Самым перспективным участком работы мне показались Афины. В отличие от земного Востока, здесь имелись не только отдельные философы, но и целые школы. Как минимум – направления, которых придерживались философы «числом больше одного». Пятьсот земных лет – с «минус шестого» по «плюс второй» века – благословенное время для моей творческой деятельности по разложению Идеи Бога в мозгах человека. Ибо на ниве материализма отметились не только философы, но даже «работники культуры».
К примеру, неплохо поработали над дискредитацией этой идеи драматурги Эсхил и Еврипид, комедиографы Аристофан и Лукиан (последнего я задействую чуть позже). Для начала процесса разложения достаточно было даже софизма Протагора, который утверждал, что о богах нельзя знать ни того, что они существуют, ни того, что их нет, ни того, каковы они по виду.
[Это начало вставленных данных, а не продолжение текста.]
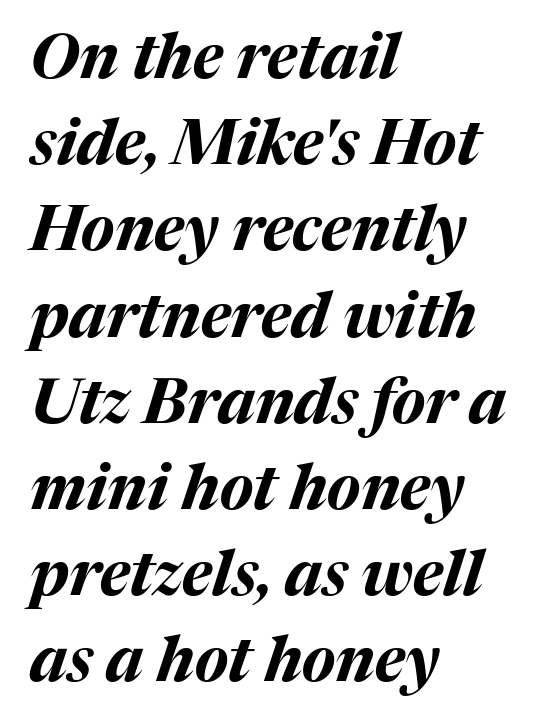
{"italic": "yes", "lean": "right", "slant_degrees": 17, "bold": "yes", "weight": "bold", "width": "normal", "stroke_contrast": "medium", "x_height": "medium", "monospaced": "no", "underline": "no", "align": "left", "line_spacing": "normal", "line_spacing_ratio": 1.39, "letter_spacing": "normal", "letter_spacing_em": 0.0, "glyph_px": 62}

Книга Протагора, которую я помог ему сочинить, имела большой успех. Настолько большой, что разгневанные читатели сожгли её на костре, а самого автора изгнали из Афин (вмешался Alter). Но зёрна сомнений были уже заронены в мозги – и, следовательно, философа вытурили не зря.
Задел был создан – и можно было переходить к философии более высокой степени отрицания. Таковой представлялась мне критика Карнеада Киренаика. Опираясь на телеологию, утверждавшую, что мир создан богом ради интересов человека, Карнеад пошёл «от обратного». Он стал говорить о том, что если творение получилось несовершенным, а интересы человека попираются на каждом шагу, то либо у бога была другая цель, либо вообще не было никакого бога.
Тоже – неплохо: свидетельствует не только о многообразии contra Бога, но и о философском потенциале человека. Честно говоря, именно в Афинах я впервые перестал морщиться и плеваться при слове «человек».
Ещё дальше в разоблачения Идеи Бога пошёл Ксенофан, который первым заявил о том, что мир создан не богами. Более того: он заявил, что это люди создали богов, наделив их человеческими чертами. Таких категоричных представлений не было ни во время Ксенофана, ни после него. Вынужден говорить об этом с сожалением: мысль философа опередила своё время. Мозги соплеменников не были готовы воспринять его мысли.
Да и Alter, не поняв ещё моих намерений, но по обыкновению своему противодействуя «из принципа», не остался в стороне от процесса. Он сумел выдать мыслителя за не вполне нормального чудака, слова которого не стоит воспринимать всерьёз. Увы: невозможно разрушить за несколько лет то, что человек создавал в своём воображении тысячелетиями. Да и «пипла» всегда больше, чем человека: согласитесь, что это – не одно и то же.
Но, процесс, как говорится, «пошёл» – и я не собирался останавливаться на достигнутом. Кандидаты на роль продолжателей дела Ксенофана имелись – и не в единственном числе. В первом ряду этих достойных мужей находились авторы атомистической теории Демокрит, Эпикур и Лукреций. Они неплохо потрудились и на ниве дискредитации религий, и в части прояснения материалистической картины мироздания. Главной «изюминкой» в их теории явилась идея вечности и бесконечности мира, идея мироздания как непрерывного процесса. Уже одно это умаляло представление о мире как порождении богов.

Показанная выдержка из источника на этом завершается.